EXERCISE – The records below must be reproduced exactly, excluding any pictures.

(Dataset items)

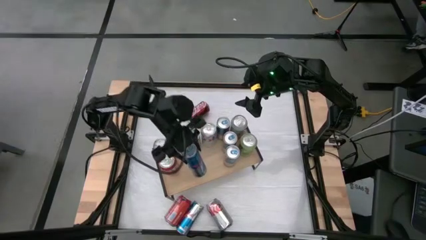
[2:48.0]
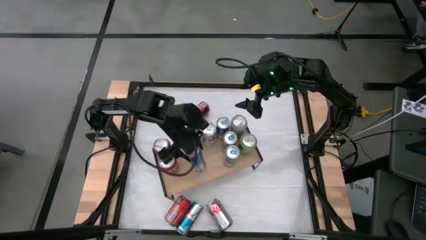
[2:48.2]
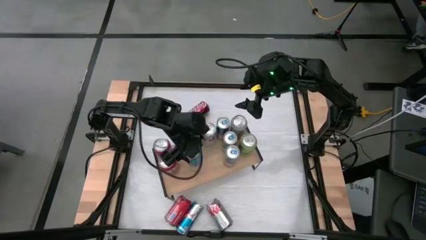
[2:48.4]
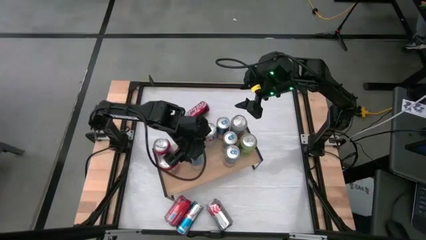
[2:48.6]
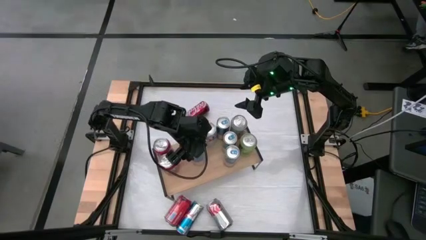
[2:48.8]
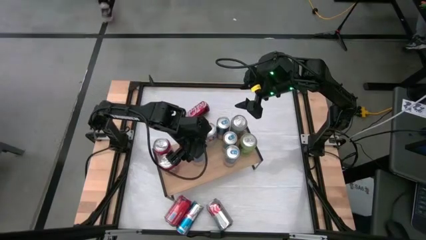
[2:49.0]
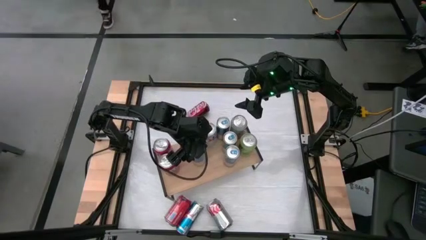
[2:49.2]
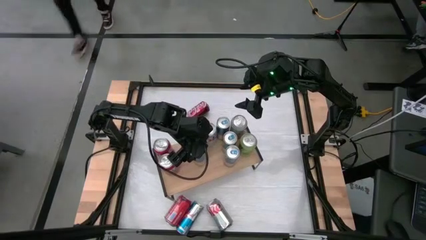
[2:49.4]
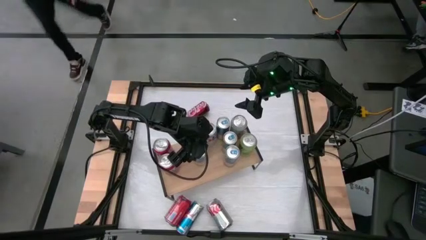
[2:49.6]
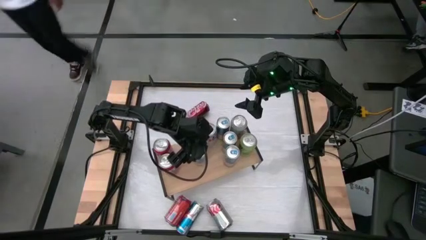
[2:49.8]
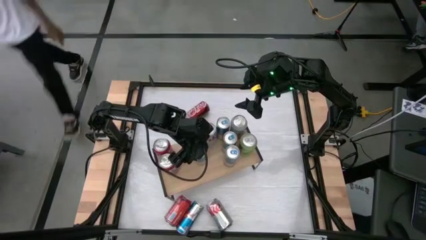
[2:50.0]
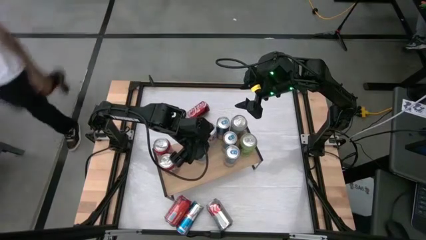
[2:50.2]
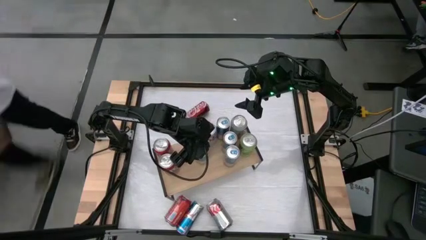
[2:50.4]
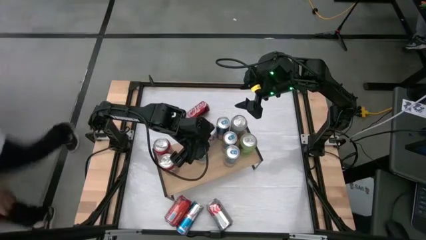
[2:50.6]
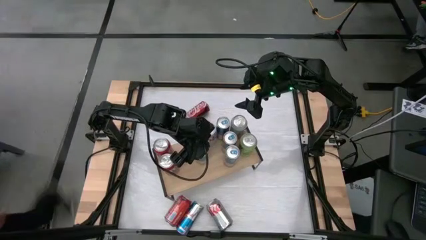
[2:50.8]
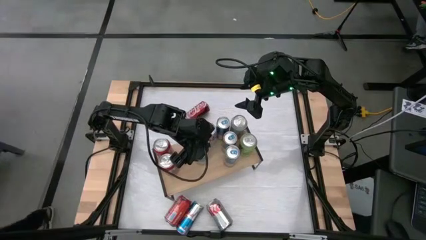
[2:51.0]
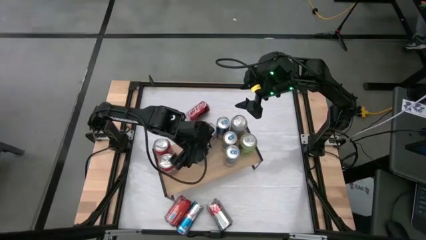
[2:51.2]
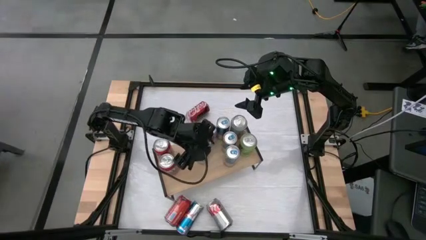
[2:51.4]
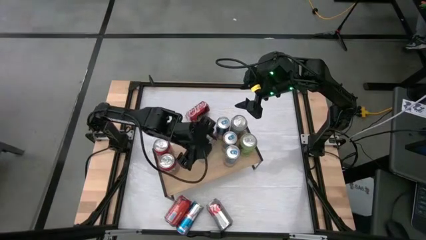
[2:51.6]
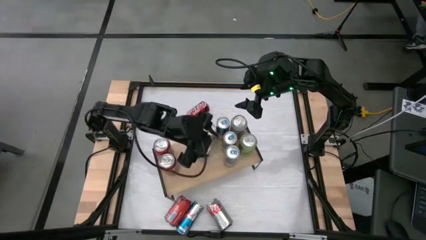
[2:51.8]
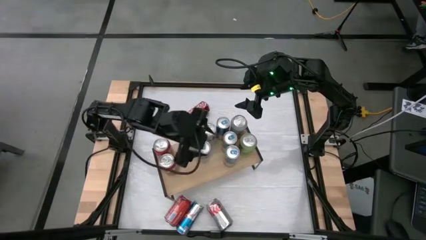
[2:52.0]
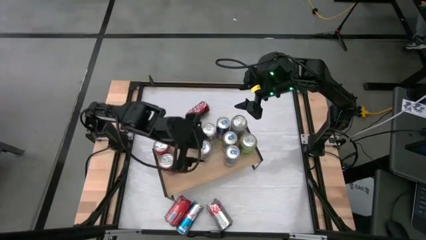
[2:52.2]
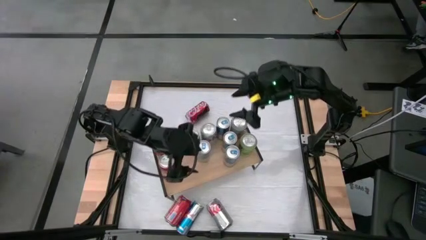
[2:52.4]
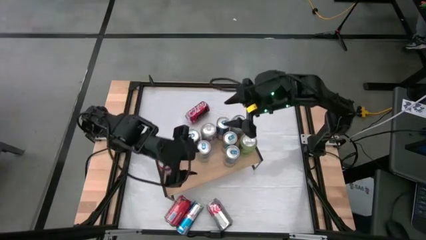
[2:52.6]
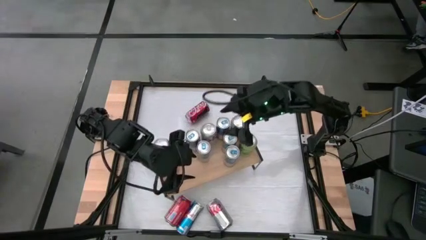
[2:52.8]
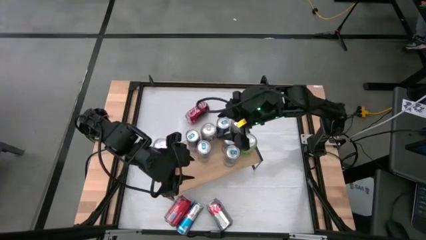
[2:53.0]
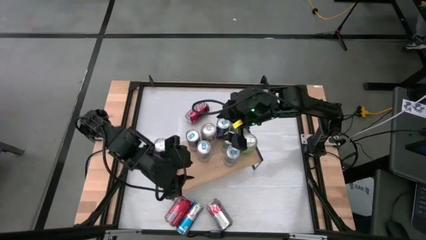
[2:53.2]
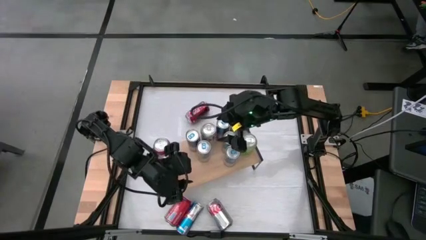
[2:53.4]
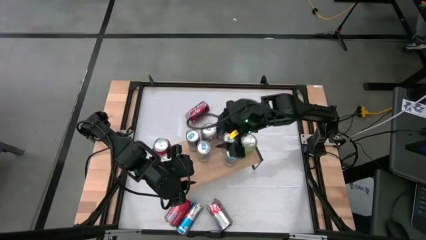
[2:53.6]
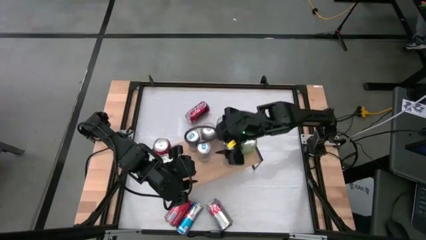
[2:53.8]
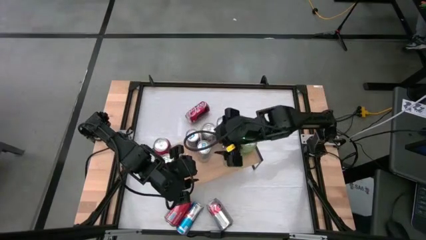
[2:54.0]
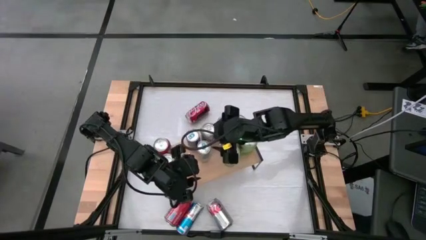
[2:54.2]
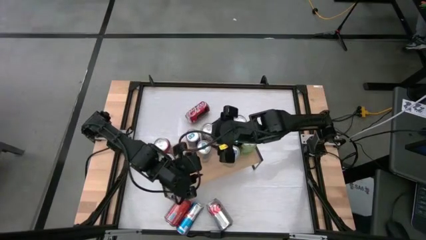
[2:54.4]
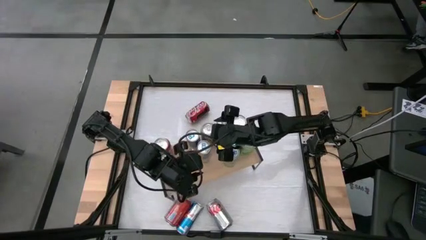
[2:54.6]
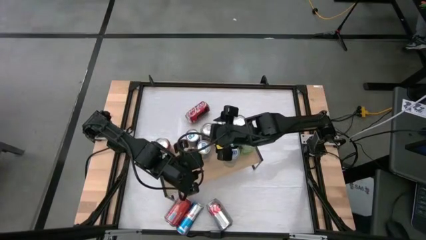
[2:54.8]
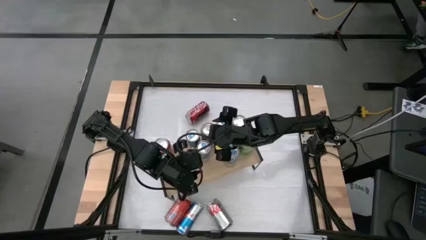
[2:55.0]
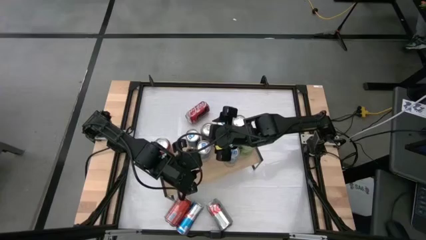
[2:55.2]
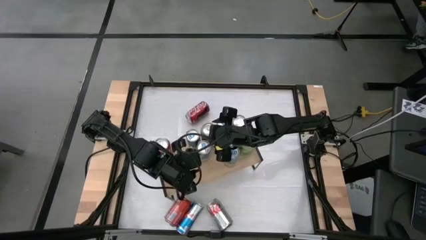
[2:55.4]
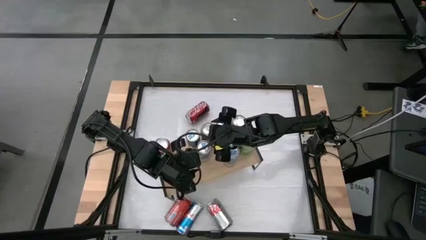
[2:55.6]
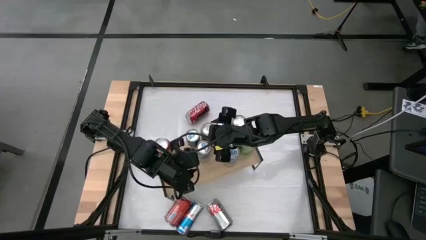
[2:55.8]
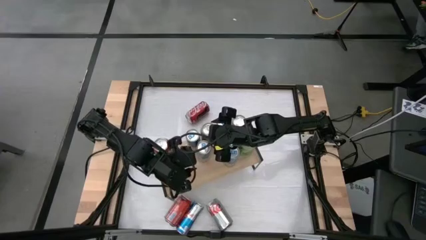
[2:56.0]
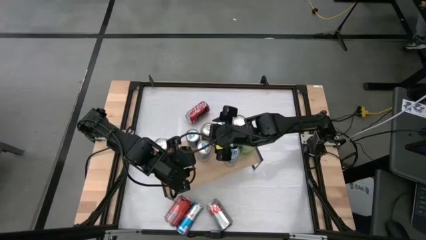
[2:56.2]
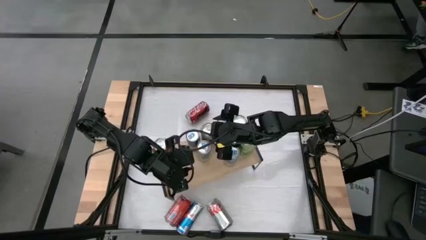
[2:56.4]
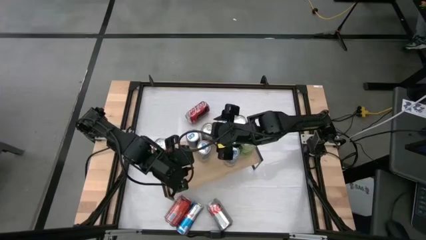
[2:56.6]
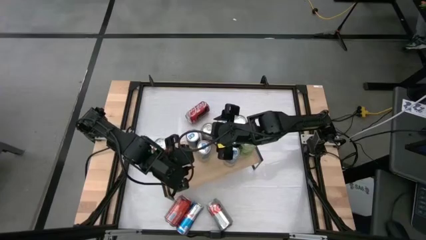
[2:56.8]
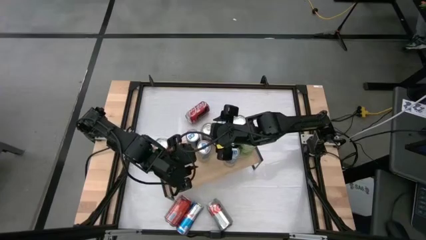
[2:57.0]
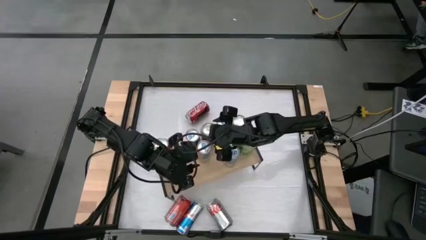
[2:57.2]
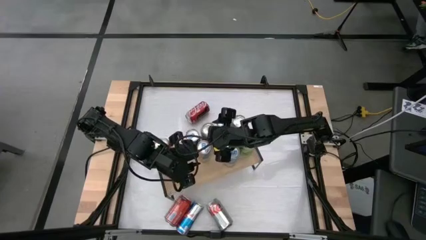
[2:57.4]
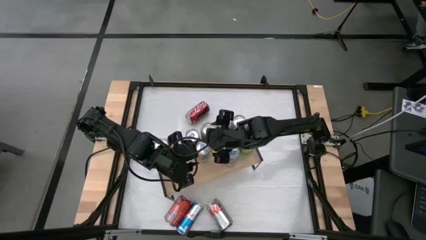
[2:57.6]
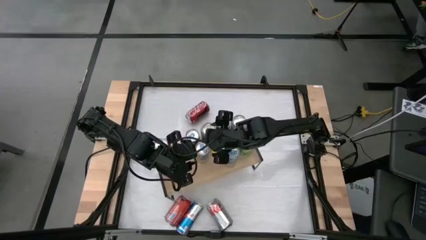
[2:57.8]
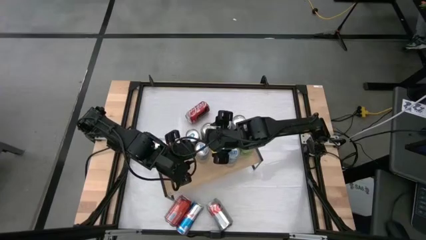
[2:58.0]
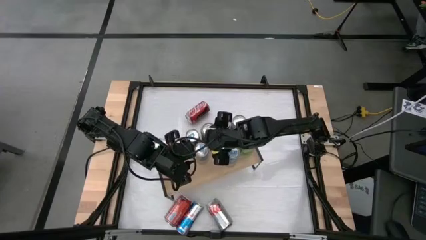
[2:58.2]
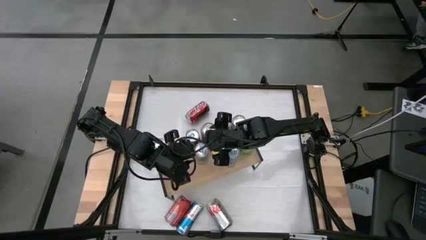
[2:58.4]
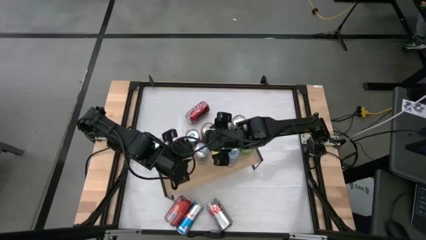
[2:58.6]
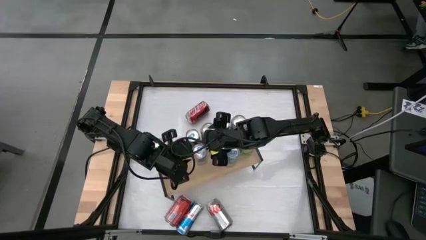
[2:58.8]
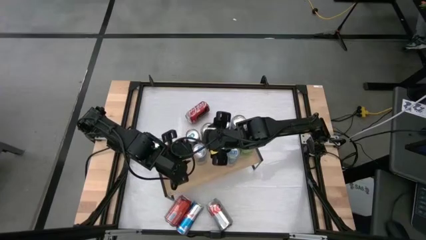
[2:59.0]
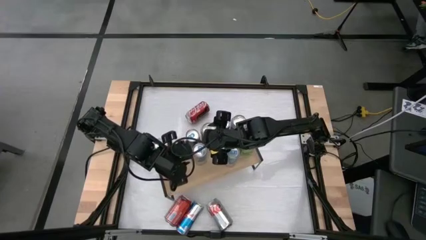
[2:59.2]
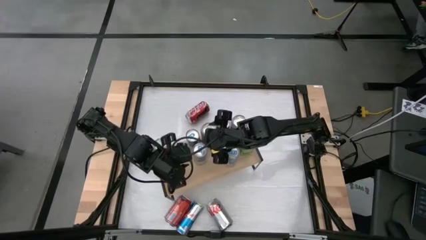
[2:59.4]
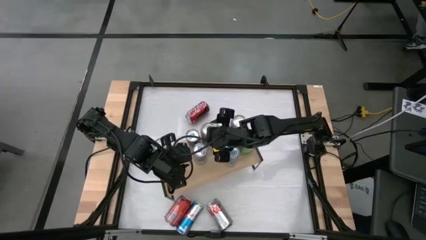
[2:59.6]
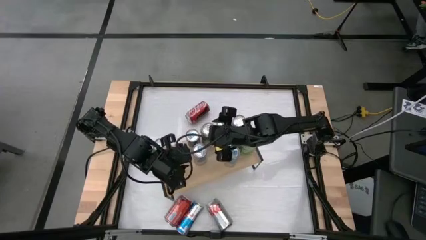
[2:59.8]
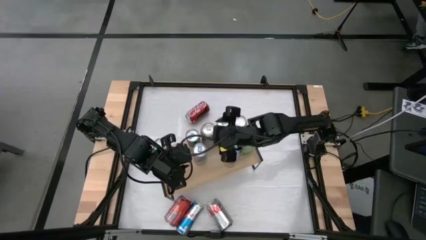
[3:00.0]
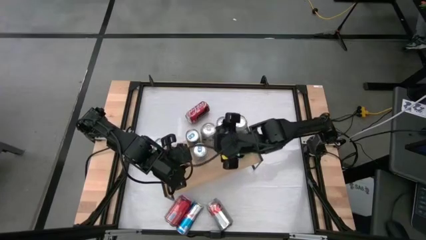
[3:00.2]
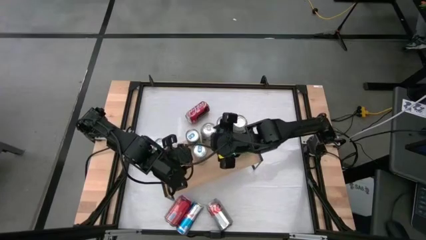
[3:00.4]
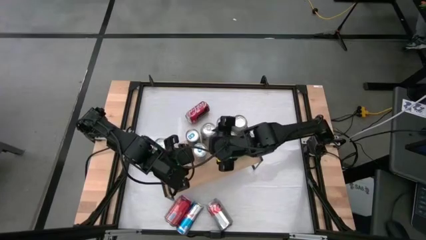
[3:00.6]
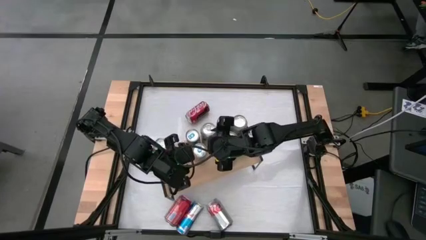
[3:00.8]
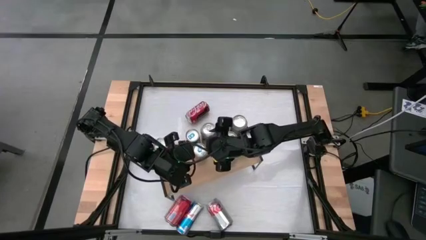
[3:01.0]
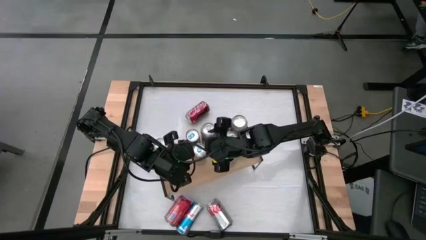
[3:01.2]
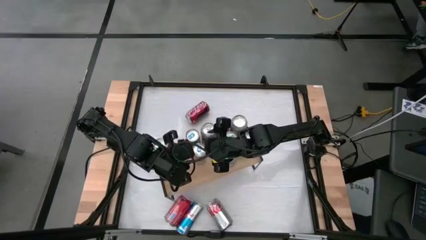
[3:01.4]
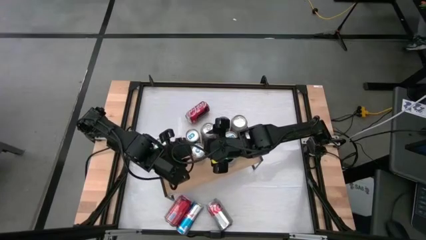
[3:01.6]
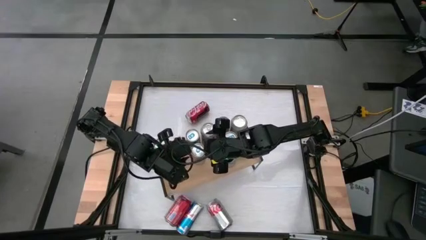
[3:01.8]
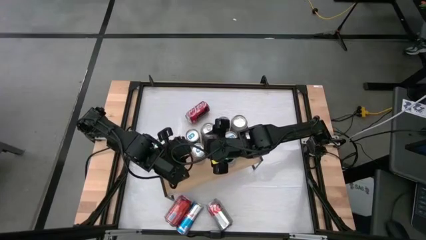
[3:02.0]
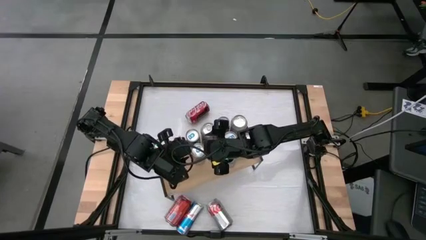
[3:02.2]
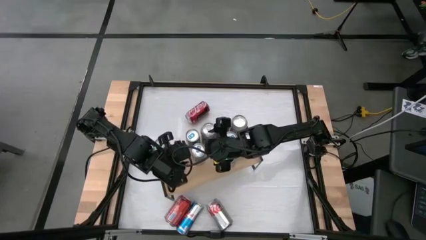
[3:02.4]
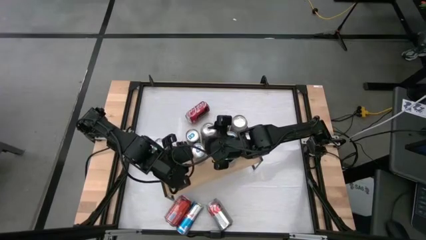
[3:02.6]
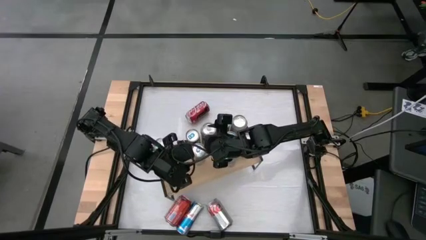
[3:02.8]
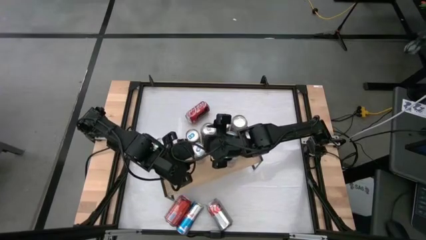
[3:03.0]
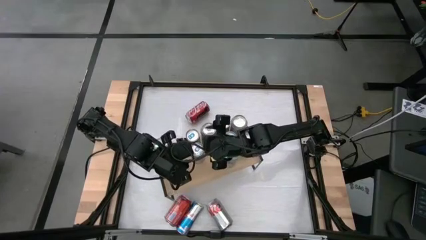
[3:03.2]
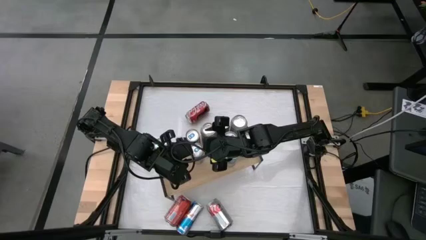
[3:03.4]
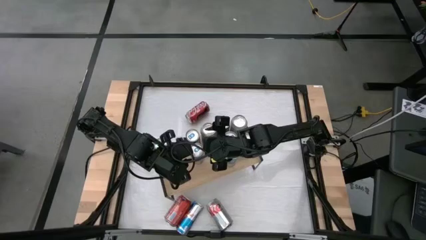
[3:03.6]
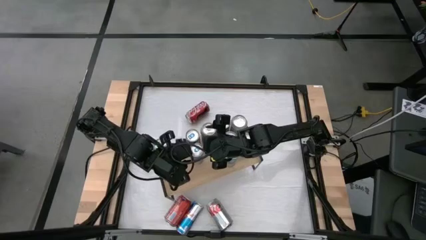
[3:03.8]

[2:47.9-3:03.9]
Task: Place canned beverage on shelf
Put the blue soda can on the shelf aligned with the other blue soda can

ANSWER TO THE PROBLEM –
[2:48.0]
[2:48.2]
[2:48.4]
[2:48.6]
[2:48.8]
[2:49.0]
[2:49.2]
[2:49.4]
[2:49.6]
[2:49.8]
[2:50.0]
[2:50.2]
[2:50.4]
[2:50.6]
[2:50.8]
[2:51.0]
[2:51.2]
[2:51.4]
[2:51.6]
[2:51.8]
[2:52.0]
[2:52.2]
[2:52.4]
[2:52.6]
[2:52.8]
[2:53.0]
[2:53.2]
[2:53.4]
[2:53.6]
[2:53.8]
[2:54.0]
[2:54.2]
[2:54.4]
[2:54.6]
[2:54.8]
[2:55.0]
[2:55.2]
[2:55.4]
[2:55.6]
[2:55.8]
[2:56.0]
[2:56.2]
[2:56.4]
[2:56.6]
[2:56.8]
[2:57.0]
[2:57.2]
[2:57.4]
[2:57.6]
[2:57.8]
[2:58.0]
[2:58.2]
[2:58.4]
[2:58.6]
[2:58.8]
[2:59.0]
[2:59.2]
[2:59.4]
[2:59.6]
[2:59.8]
[3:00.0]
[3:00.2]
[3:00.4]
[3:00.6]
[3:00.8]
[3:01.0]
[3:01.2]
[3:01.4]
[3:01.6]
[3:01.8]
[3:02.0]
[3:02.2]
[3:02.4]
[3:02.6]
[3:02.8]
[3:03.0]
[3:03.2]
[3:03.4]
[3:03.6]
[3:03.8]

[2:47.9-3:03.9]
Task: Place canned beverage on shelf
Put the blue soda can on the shelf aligned with the other blue soda can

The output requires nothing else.